I had a bunch of great candidates. They turned the job down. They just didn’t want to go into this downtown. They didn’t want to change their lifestyle. It was an extra hour every day of commuting. They didn’t want to hassle it. Now they don’t have to be in the office every day. Just be there a few hours every day or once or twice a week.
Negative impact: I think in the long term, there are some issues. I think working from home and not working with colleagues on a day-to-day basis and getting to know people is just like if you and I work together on a project and say, hey, let’s go for lunch; I want to chat with you about a lot of work that gets done not in meetings, let’s have a cup of coffee, let’s go to the cafeteria, let’s have a cup of coffee. I want to ask you this. How do you handle this problem?

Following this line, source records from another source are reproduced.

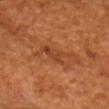| field | value |
|---|---|
| biopsy status | catalogued during a skin exam; not biopsied |
| patient | male, aged 58 to 62 |
| illumination | cross-polarized |
| image-analysis metrics | an eccentricity of roughly 0.9 and a shape-asymmetry score of about 0.45 (0 = symmetric); a classifier nevus-likeness of about 0/100 and a lesion-detection confidence of about 90/100 |
| size | ≈4.5 mm |
| body site | the front of the torso |
| image | 15 mm crop, total-body photography |
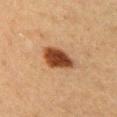follow-up: no biopsy performed (imaged during a skin exam)
acquisition: ~15 mm crop, total-body skin-cancer survey
lesion size: about 4.5 mm
TBP lesion metrics: an area of roughly 9.5 mm² and a symmetry-axis asymmetry near 0.2; an average lesion color of about L≈36 a*≈20 b*≈30 (CIELAB) and a lesion-to-skin contrast of about 12.5 (normalized; higher = more distinct); border irregularity of about 2 on a 0–10 scale, internal color variation of about 3.5 on a 0–10 scale, and peripheral color asymmetry of about 1; an automated nevus-likeness rating near 100 out of 100 and a detector confidence of about 100 out of 100 that the crop contains a lesion
subject: male, aged 48 to 52
anatomic site: the chest
lighting: cross-polarized illumination
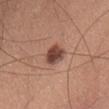Assessment:
Recorded during total-body skin imaging; not selected for excision or biopsy.
Background:
The recorded lesion diameter is about 3.5 mm. A close-up tile cropped from a whole-body skin photograph, about 15 mm across. A male patient aged approximately 60. Located on the chest. Automated tile analysis of the lesion measured a mean CIELAB color near L≈45 a*≈22 b*≈26 and roughly 14 lightness units darker than nearby skin. The software also gave a border-irregularity index near 1.5/10, a within-lesion color-variation index near 4.5/10, and radial color variation of about 1.5. And it measured a nevus-likeness score of about 95/100.
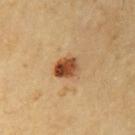The lesion was photographed on a routine skin check and not biopsied; there is no pathology result.
Located on the right upper arm.
This is a cross-polarized tile.
A region of skin cropped from a whole-body photographic capture, roughly 15 mm wide.
Measured at roughly 3 mm in maximum diameter.
The lesion-visualizer software estimated a border-irregularity index near 1.5/10, internal color variation of about 7 on a 0–10 scale, and peripheral color asymmetry of about 2.5.
A male subject, aged 68 to 72.
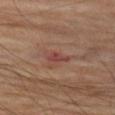This lesion was catalogued during total-body skin photography and was not selected for biopsy. The total-body-photography lesion software estimated a border-irregularity rating of about 3/10 and internal color variation of about 0.5 on a 0–10 scale. The software also gave an automated nevus-likeness rating near 0 out of 100 and a lesion-detection confidence of about 100/100. A male subject, in their 70s. A region of skin cropped from a whole-body photographic capture, roughly 15 mm wide. This is a cross-polarized tile. On the left thigh.
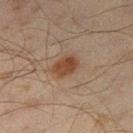No biopsy was performed on this lesion — it was imaged during a full skin examination and was not determined to be concerning.
The recorded lesion diameter is about 3.5 mm.
A male subject roughly 45 years of age.
A lesion tile, about 15 mm wide, cut from a 3D total-body photograph.
Captured under cross-polarized illumination.
The lesion is located on the right thigh.
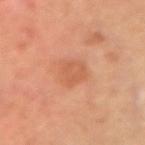{"biopsy_status": "not biopsied; imaged during a skin examination", "image": {"source": "total-body photography crop", "field_of_view_mm": 15}, "patient": {"sex": "male", "age_approx": 65}, "site": "right upper arm", "lighting": "cross-polarized"}
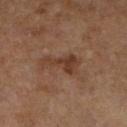follow-up: total-body-photography surveillance lesion; no biopsy
site: the right lower leg
patient: female, approximately 60 years of age
image: total-body-photography crop, ~15 mm field of view
size: about 4 mm
lighting: cross-polarized illumination
image-analysis metrics: an automated nevus-likeness rating near 0 out of 100 and a detector confidence of about 100 out of 100 that the crop contains a lesion
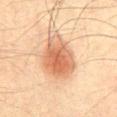Part of a total-body skin-imaging series; this lesion was reviewed on a skin check and was not flagged for biopsy. A close-up tile cropped from a whole-body skin photograph, about 15 mm across. The lesion's longest dimension is about 5.5 mm. Automated tile analysis of the lesion measured an eccentricity of roughly 0.65 and a symmetry-axis asymmetry near 0.15. The software also gave an average lesion color of about L≈52 a*≈20 b*≈31 (CIELAB) and a lesion-to-skin contrast of about 8 (normalized; higher = more distinct). It also reported border irregularity of about 2 on a 0–10 scale and a within-lesion color-variation index near 5/10. From the abdomen. A male subject, in their mid- to late 60s. The tile uses cross-polarized illumination.
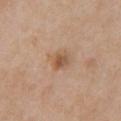The lesion was photographed on a routine skin check and not biopsied; there is no pathology result.
A female patient, aged 38–42.
On the chest.
An algorithmic analysis of the crop reported a lesion area of about 6.5 mm² and an outline eccentricity of about 0.7 (0 = round, 1 = elongated). The analysis additionally found border irregularity of about 2 on a 0–10 scale, internal color variation of about 5 on a 0–10 scale, and peripheral color asymmetry of about 1.5. The software also gave a nevus-likeness score of about 65/100 and a detector confidence of about 100 out of 100 that the crop contains a lesion.
A lesion tile, about 15 mm wide, cut from a 3D total-body photograph.
This is a white-light tile.
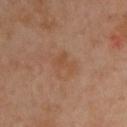Clinical impression:
No biopsy was performed on this lesion — it was imaged during a full skin examination and was not determined to be concerning.
Background:
Captured under cross-polarized illumination. A 15 mm close-up extracted from a 3D total-body photography capture. Measured at roughly 2.5 mm in maximum diameter. A male patient, aged 38 to 42. Located on the chest.
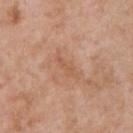follow-up — catalogued during a skin exam; not biopsied
diameter — about 3.5 mm
subject — male, aged approximately 50
TBP lesion metrics — a footprint of about 4 mm², an outline eccentricity of about 0.95 (0 = round, 1 = elongated), and a shape-asymmetry score of about 0.35 (0 = symmetric); border irregularity of about 5 on a 0–10 scale and peripheral color asymmetry of about 0; an automated nevus-likeness rating near 0 out of 100 and lesion-presence confidence of about 100/100
imaging modality — ~15 mm tile from a whole-body skin photo
anatomic site — the front of the torso
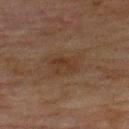Assessment: Part of a total-body skin-imaging series; this lesion was reviewed on a skin check and was not flagged for biopsy. Image and clinical context: A roughly 15 mm field-of-view crop from a total-body skin photograph. Captured under cross-polarized illumination. The lesion's longest dimension is about 2.5 mm. Located on the upper back. The patient is a male aged 68–72.
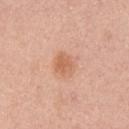follow-up = imaged on a skin check; not biopsied
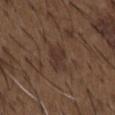  biopsy_status: not biopsied; imaged during a skin examination
  image:
    source: total-body photography crop
    field_of_view_mm: 15
  site: chest
  patient:
    sex: male
    age_approx: 50
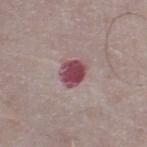notes = no biopsy performed (imaged during a skin exam).
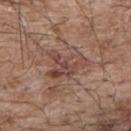This lesion was catalogued during total-body skin photography and was not selected for biopsy.
A male subject in their mid-60s.
The lesion is located on the back.
Captured under white-light illumination.
Cropped from a whole-body photographic skin survey; the tile spans about 15 mm.
The lesion's longest dimension is about 5 mm.
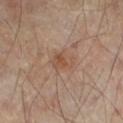The lesion was tiled from a total-body skin photograph and was not biopsied. Located on the left lower leg. The subject is a male approximately 65 years of age. This image is a 15 mm lesion crop taken from a total-body photograph. This is a cross-polarized tile. About 3 mm across.
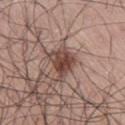Impression: Captured during whole-body skin photography for melanoma surveillance; the lesion was not biopsied. Clinical summary: This image is a 15 mm lesion crop taken from a total-body photograph. The lesion's longest dimension is about 4 mm. From the lower back. An algorithmic analysis of the crop reported a lesion area of about 9 mm². It also reported about 13 CIELAB-L* units darker than the surrounding skin and a normalized lesion–skin contrast near 9.5. The analysis additionally found a border-irregularity index near 4/10, a color-variation rating of about 4.5/10, and radial color variation of about 1.5. A male subject aged approximately 70.
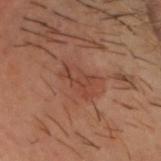Captured during whole-body skin photography for melanoma surveillance; the lesion was not biopsied. A roughly 15 mm field-of-view crop from a total-body skin photograph. Approximately 4.5 mm at its widest. Automated image analysis of the tile measured a footprint of about 8.5 mm², an outline eccentricity of about 0.85 (0 = round, 1 = elongated), and two-axis asymmetry of about 0.35. The software also gave a border-irregularity rating of about 4.5/10, a color-variation rating of about 3/10, and radial color variation of about 1. On the head or neck. A male patient approximately 50 years of age.
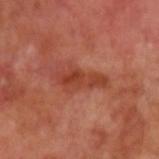Q: Was a biopsy performed?
A: catalogued during a skin exam; not biopsied
Q: Who is the patient?
A: male, aged 68 to 72
Q: How was the tile lit?
A: cross-polarized illumination
Q: Lesion location?
A: the left upper arm
Q: Automated lesion metrics?
A: a footprint of about 8.5 mm² and an outline eccentricity of about 0.95 (0 = round, 1 = elongated); an average lesion color of about L≈42 a*≈30 b*≈32 (CIELAB); an automated nevus-likeness rating near 0 out of 100
Q: What kind of image is this?
A: 15 mm crop, total-body photography
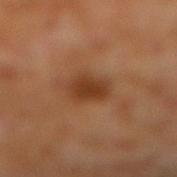* notes: total-body-photography surveillance lesion; no biopsy
* image: ~15 mm crop, total-body skin-cancer survey
* patient: male, aged around 60
* site: the right lower leg
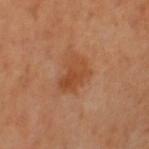<tbp_lesion>
  <biopsy_status>not biopsied; imaged during a skin examination</biopsy_status>
  <image>
    <source>total-body photography crop</source>
    <field_of_view_mm>15</field_of_view_mm>
  </image>
  <patient>
    <sex>female</sex>
    <age_approx>55</age_approx>
  </patient>
  <lighting>cross-polarized</lighting>
  <site>left thigh</site>
  <lesion_size>
    <long_diameter_mm_approx>4.0</long_diameter_mm_approx>
  </lesion_size>
</tbp_lesion>
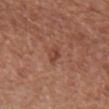<case>
<biopsy_status>not biopsied; imaged during a skin examination</biopsy_status>
<lighting>white-light</lighting>
<patient>
  <sex>female</sex>
  <age_approx>75</age_approx>
</patient>
<site>front of the torso</site>
<image>
  <source>total-body photography crop</source>
  <field_of_view_mm>15</field_of_view_mm>
</image>
<lesion_size>
  <long_diameter_mm_approx>3.0</long_diameter_mm_approx>
</lesion_size>
</case>
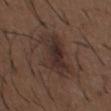Captured during whole-body skin photography for melanoma surveillance; the lesion was not biopsied.
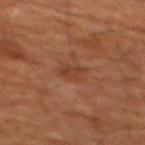Recorded during total-body skin imaging; not selected for excision or biopsy. The tile uses cross-polarized illumination. Approximately 3 mm at its widest. A male patient, aged approximately 60. This image is a 15 mm lesion crop taken from a total-body photograph. The total-body-photography lesion software estimated an area of roughly 5.5 mm² and an eccentricity of roughly 0.45. From the upper back.
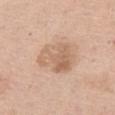Imaged during a routine full-body skin examination; the lesion was not biopsied and no histopathology is available. Cropped from a whole-body photographic skin survey; the tile spans about 15 mm. The patient is a female aged 63–67. The lesion is on the right thigh.
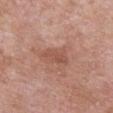workup — imaged on a skin check; not biopsied
subject — female, in their 70s
tile lighting — white-light illumination
diameter — about 3.5 mm
acquisition — 15 mm crop, total-body photography
anatomic site — the chest
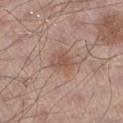<lesion>
<biopsy_status>not biopsied; imaged during a skin examination</biopsy_status>
<patient>
  <sex>male</sex>
  <age_approx>55</age_approx>
</patient>
<image>
  <source>total-body photography crop</source>
  <field_of_view_mm>15</field_of_view_mm>
</image>
<site>left lower leg</site>
</lesion>
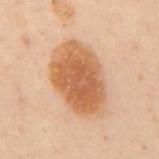Part of a total-body skin-imaging series; this lesion was reviewed on a skin check and was not flagged for biopsy.
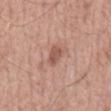follow-up=no biopsy performed (imaged during a skin exam)
image source=~15 mm crop, total-body skin-cancer survey
subject=male, aged approximately 55
illumination=white-light illumination
lesion size=~3 mm (longest diameter)
location=the back
TBP lesion metrics=a classifier nevus-likeness of about 0/100 and a lesion-detection confidence of about 100/100
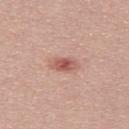Recorded during total-body skin imaging; not selected for excision or biopsy. Cropped from a total-body skin-imaging series; the visible field is about 15 mm. A male subject in their 30s.

A lot of the things in sales, marketing, and accounting were done just by collaborating. You’re just seeing someone in the hallway.” Hey, I have a question for you. Let’s talk about this.” So I think that’s missing, and from a work standpoint, I think that’s a problem. From a recruiting standpoint, hiring people is probably more manageable when the location doesn’t matter.
I think there are some long-term repercussions that we probably don’t understand yet of not working together; what they are, I’m not positive, but I think this combination of working together in person and remote works. And maybe we’ll be fine. I don’t know. Maybe we’ll just get used to it as human beings.
Q: Will the recruiter’s role extend to involve the deployment of business strategy? Can it help in deployment?
A good recruiter should be involved in the strategy. The recruiter’s role is to find a job for a qualified person. If you can hire a better person, you’ve had a strategic impact on the company, produce more, get along better, grow faster, come up with new ideas, sell more, more accurate accounting, whatever it is. If you can play someone who raises the average, you’ve had a massive strategic impact on the company. And I think my company and I did that a lot as a recruiter. I remember one client, still a friend of mine, president of a company. I replaced the controller, the VP of finance, the head of manufacturing, the head of quality control, the factory manager, probably six or eight people, and they’re all great people. And he was a friend of mine, and we were doing business together.
So there is a strategic role, number one at the time.
If you’re only placing entry-level people in a call center, that’s not strategic. But if you’re placing managers or directors of vice presidents, the impact of those people on the company is strategic. You hire a good person and change the direction of the company. You hire an average person; it impacts the company’s success.
So I think the quality of the people you represent at the level can strategically impact the organization. And the more influence you have on getting those assignments and filling these people with great jobs, the more impactful you’ll be. Recruiting can be an essential job, but you’ve got to do it right, and you’ve got to be good at it.